Hi Doreen - I have been so impressed with your continued devotion to this site. You have commented on many of my posts and you have given me different outlooks on my particular moods. For that I thank you. This new way of life doesn't seem to get easier, but the support here with people like you sure does help. You are coming on one year without your special love - it is a hard "anniversary " to face, but it can be a positive landmark in many ways. You actually survived the unimaginable and continue to celebrate his life through your comments on this site, and your daily life. Sometimes "just being" is a celebration of this new way of life in itself. Take good care of yourself and I look forward to reading more posts from you. You are a special person. All my good thoughts are with you.

Apr 14, 2013
For Alassia & June THANK YOU!!!
by: Doreen U.K.

THANK YOU!!!! Alassia and June. for your post and lovely comments deeply appreciated.
It is my pleasure to serve You all in the best way I can from my own life experiences. My aim is to ENCOURAGE YOU ALL. And support you as much as I can.
When I look back I can't believe it is almost 1yr. that I lost my precious Steve. I have been busy, so much going on in the house repairs, that has consumed my time. BUT. I am feeling my grief more now. Reading more posts brings tears to my eyes in support of others that triggers off my own emotions so this may be a good thing. But I am also aware of you both June, Alassia, being equally supportive in your comments that is also very uplifting to me and others on this site which never goes unnoticed. So I equally THANK YOU! both for your thoughtful and caring post to me here which is deeply appreciated and will be remembered forever. Bless You Both and may God wrap His Loving arms around you both and Heal you from your grief and Loss. Hugs and kisses to you both from My Heart.

Apr 14, 2013
for Doreen
by: Judith in California

Doreen, your huband was fortunate to have such a caring wife at his side. The one year mark does not change a thing we go through. I've found I miss my husband more too. I do go on each day and make the best of it . That's our only good choice until we meet with them in heaven.
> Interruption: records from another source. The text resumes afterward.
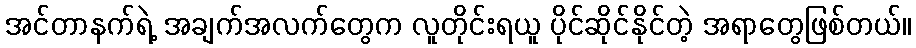
အင်တာနက်ရဲ့ အချက်အလက်တွေက လူတိုင်းရယူ ပိုင်ဆိုင်နိုင်တဲ့ အရာတွေဖြစ်တယ်။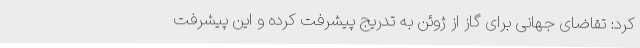
کرد: تقاضای جهانی برای گاز از ژوئن به تدریج پیشرفت کرده و این پیشرفت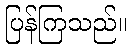
ပြန်ကြသည်။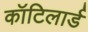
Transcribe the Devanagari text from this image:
कॉटिलार्ड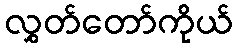
လွှတ်တော်ကိုယ်

God be with you and bess you.

Apr 14, 2013
Doreen
by: June

I agree with Alassia, you have such important comments for all of us. You are a very compassionate and caring person. I think of you as you are coming up to the one year anniversary of the loss of your husband.
As you know it is so very hard to continue on. I miss Mike more now but also have the hope to be Together Again. So I, like you, just take one day at a time, look for the good in the world and help others in need.
Lots of hugs to everyone who is going through this awful time in their lives.